Roehr Motorcycles LLC
- Company type: LLC
- Industry: Motorcycles
- Founded: 1995
- Founder: Walter Roehrich
- Fate: Closed
- Headquarters: Gurnee, Illinois, United States
- Products: Motorcycles

= Roehr Motorcycle Company =

Roehr Motorcycle Company was a US motorcycle manufacturer based Gurnee, Illinois. It closed down in 2012.

==History==
In 1995 Walter Roehrich began construction of the 500 cc two stroke v-twin motorcycle, using Yamaha YZ250 engine parts on a prototype crankcase. The result was the 115 hp Roehr Rv500 that was shown to the press in 2000. The company intended to manufacture the motorcycle in limited numbers but manufacturing the bike with the addition of the DFI fuel system, as well as meeting emission standards was prohibitively expensive.

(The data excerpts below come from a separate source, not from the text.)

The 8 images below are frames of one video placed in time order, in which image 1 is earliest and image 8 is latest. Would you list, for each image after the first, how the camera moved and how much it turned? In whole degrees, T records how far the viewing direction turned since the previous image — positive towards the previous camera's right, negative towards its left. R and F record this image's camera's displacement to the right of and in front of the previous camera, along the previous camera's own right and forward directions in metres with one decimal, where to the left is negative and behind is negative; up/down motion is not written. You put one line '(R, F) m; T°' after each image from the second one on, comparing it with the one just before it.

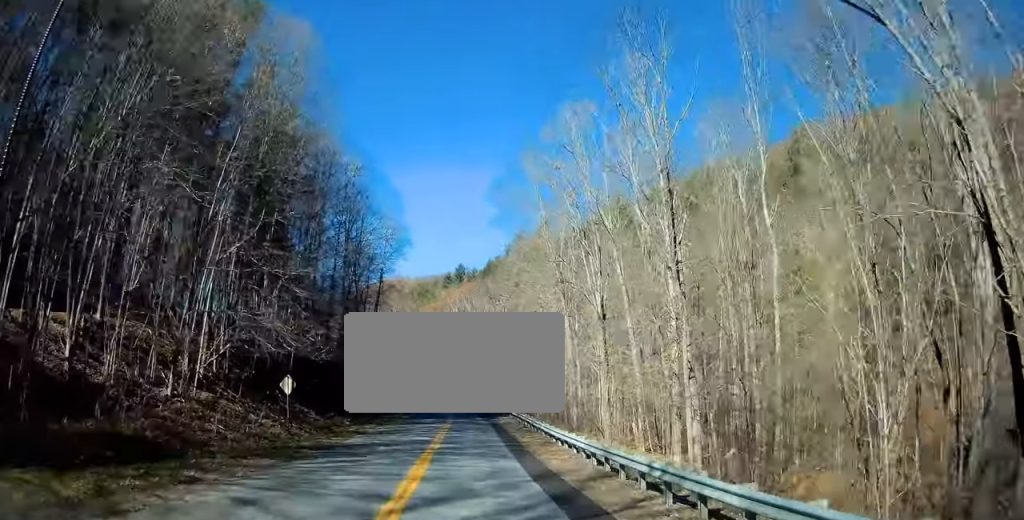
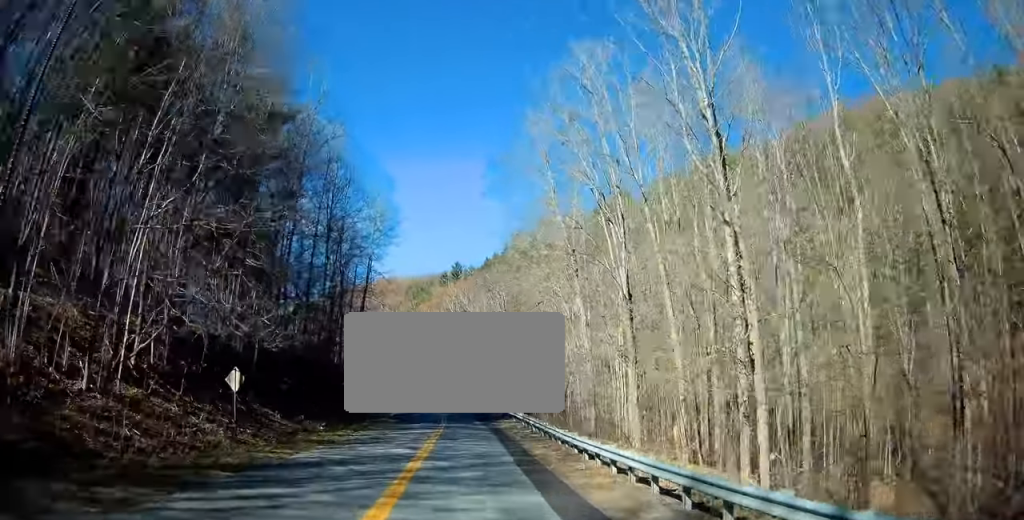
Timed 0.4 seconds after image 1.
(+0.1, +6.8) m; -1°
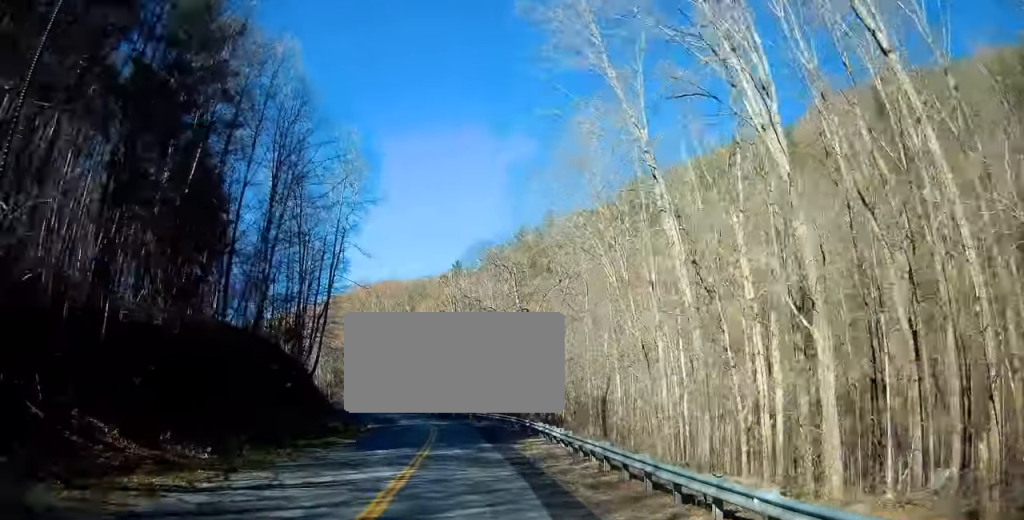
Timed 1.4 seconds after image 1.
(-0.4, +16.3) m; -2°
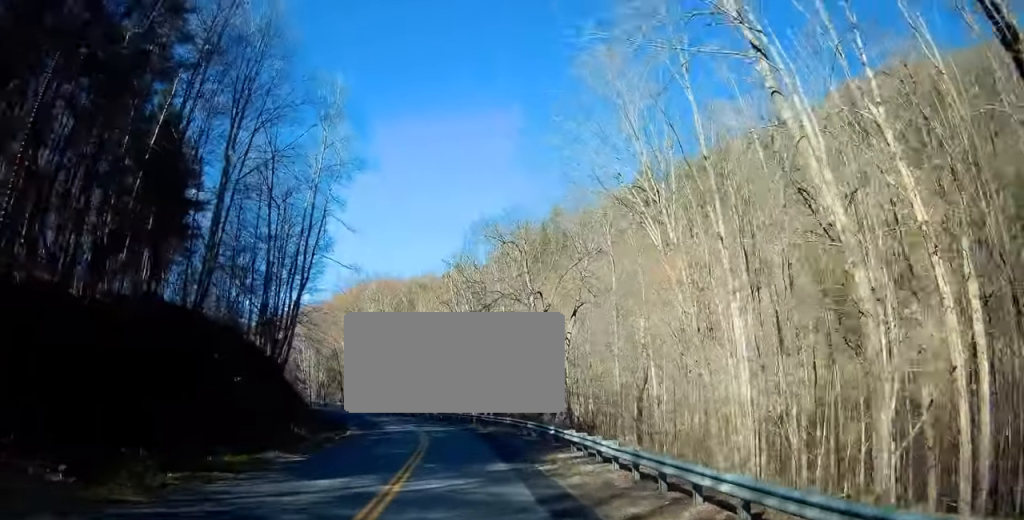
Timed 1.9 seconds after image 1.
(-0.1, +8.2) m; -1°
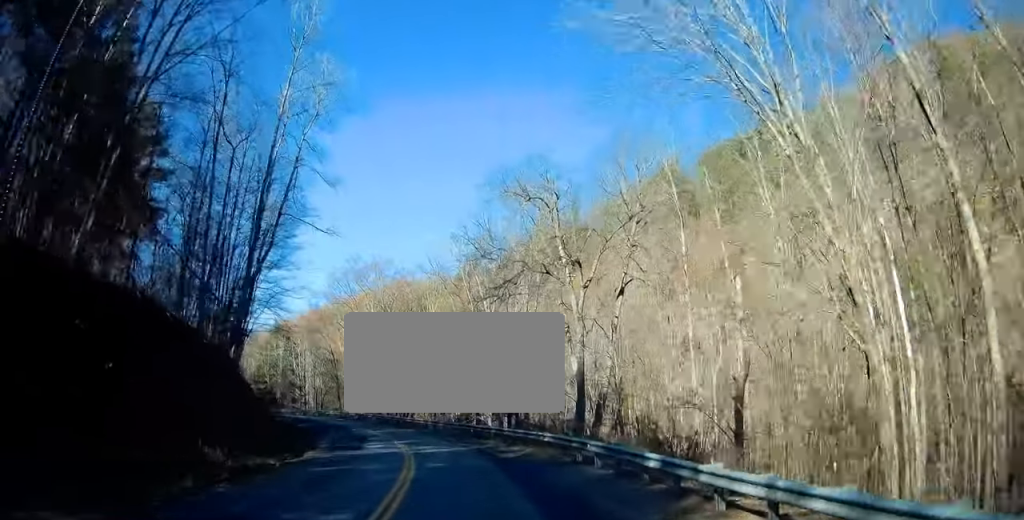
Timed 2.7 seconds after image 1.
(+0.1, +11.4) m; -2°
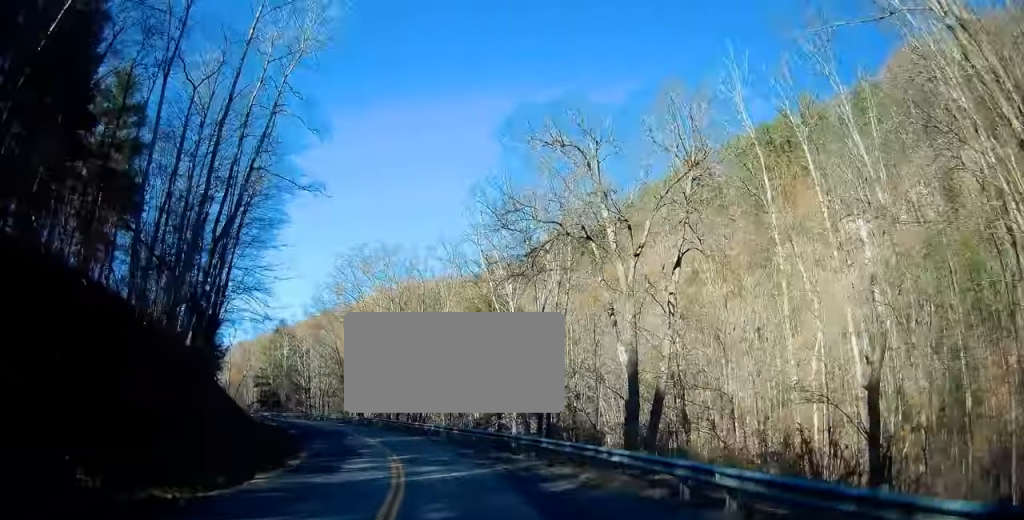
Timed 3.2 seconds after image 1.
(-0.4, +7.7) m; -3°
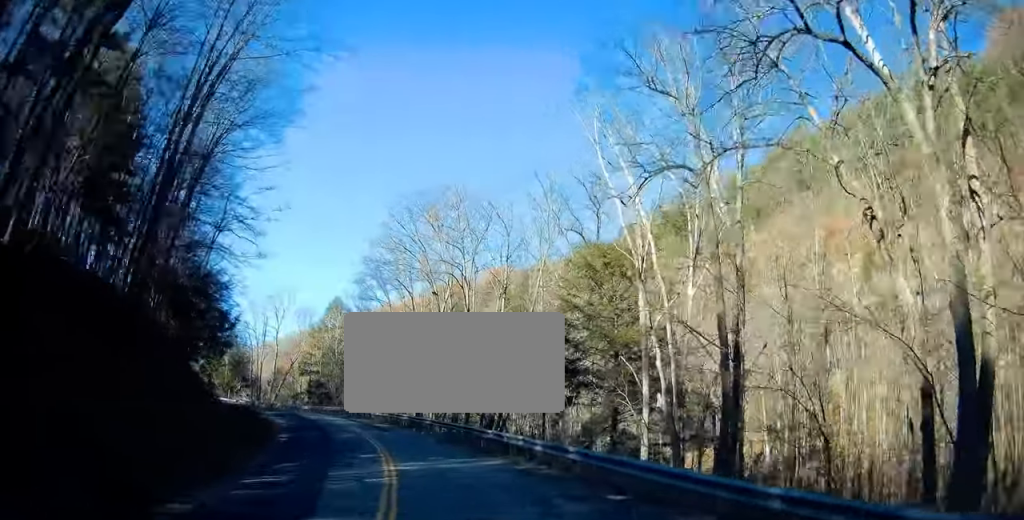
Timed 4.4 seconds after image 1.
(-0.9, +17.3) m; -9°
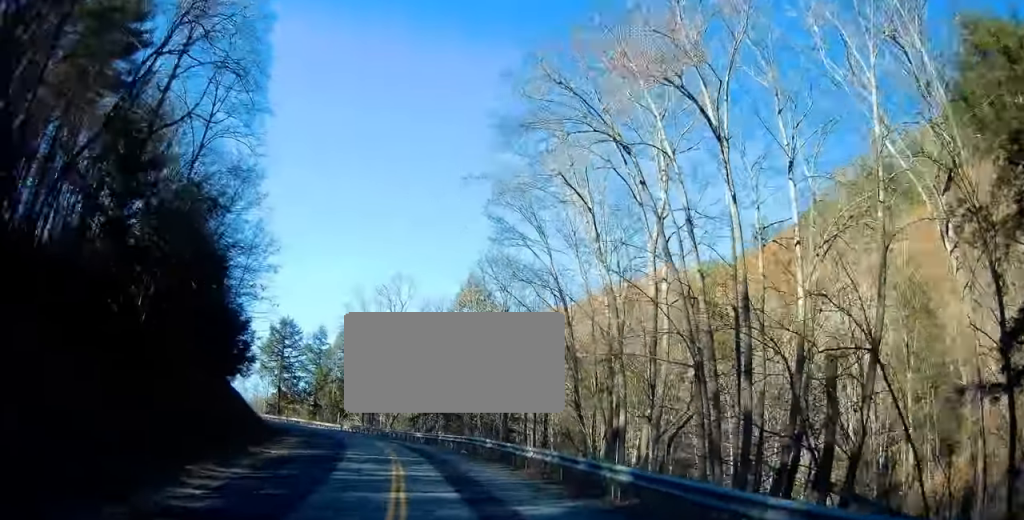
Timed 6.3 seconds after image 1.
(-3.8, +26.3) m; -14°

The company turned its focus in creating a production bike. The Rv1000 prototype was powered by a 120 hp 936cc 60° 4-stroke V-twin manufactured by US Highland was revealed in 2004. The Highland engine was chosen because of its light weight. There was no interest from investors, so the Rv1000 was never manufactured.

==V-Roehr==

Roehr introduced the V-Roehr production motorcycle in March 2007. The 1130 was to be powered by a 180 hp supercharged Harley Davidson 1250 cc "Revolution" engine. Production of the first 50 bikes was scheduled to begin in 2008. The cost was US$39,995. The fuel tank, with a capacity of 12 litres, was placed under the seat, with a "dummy" tank being a cover of the airbox and intake of the V-Rod engine. Side-mounted Honda radiators were used to create a slim profile. In late 2008 an updated version of the 1130 - the 1250 - using the 1,250cc version of the Revolution engine, fitted with a Rotrex supercharger. It was the most powerful production motorcycle available in the United States, at 180 hp. As well as an increase in engine capacity, the price increased to $US49,999.

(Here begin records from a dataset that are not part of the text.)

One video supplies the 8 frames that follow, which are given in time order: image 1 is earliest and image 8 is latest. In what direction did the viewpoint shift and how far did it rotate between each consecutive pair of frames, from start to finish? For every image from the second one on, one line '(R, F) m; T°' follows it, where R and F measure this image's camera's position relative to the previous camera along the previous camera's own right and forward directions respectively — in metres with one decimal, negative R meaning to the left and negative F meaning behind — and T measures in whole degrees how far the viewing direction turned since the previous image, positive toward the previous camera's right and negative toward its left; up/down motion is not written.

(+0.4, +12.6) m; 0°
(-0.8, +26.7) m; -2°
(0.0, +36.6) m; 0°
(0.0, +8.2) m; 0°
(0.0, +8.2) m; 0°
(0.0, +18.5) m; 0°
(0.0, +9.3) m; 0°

Demand for a high-price limited production motorcycle dropped during the Great Recession. Eleven of Roehr's twelve deposits for the 1250 were cancelled.

==eSupersport and eSuperbike==

In 2009 Roehr produced a pair of electric sport bikes, based on a Hyosung GT250 chassis. Roehr wanted to build his own chassis, but adapting the Hyosung saved him $US15,000. The eSupersport had a single motor developing the equivalent of 48 hp, while the eSuperbike had two motors developing the equivalent of 96 hp. The battery in the eSuperbike consists of 240 individual cells; the eSupersport pack is made of 180 cells. Range was between 70 and 100 miles. The eSupersport sold for US$16,965 and the eSuperbike for US$27,595. There were no sales, and Roehr stopped production of all motorcycles in 2012.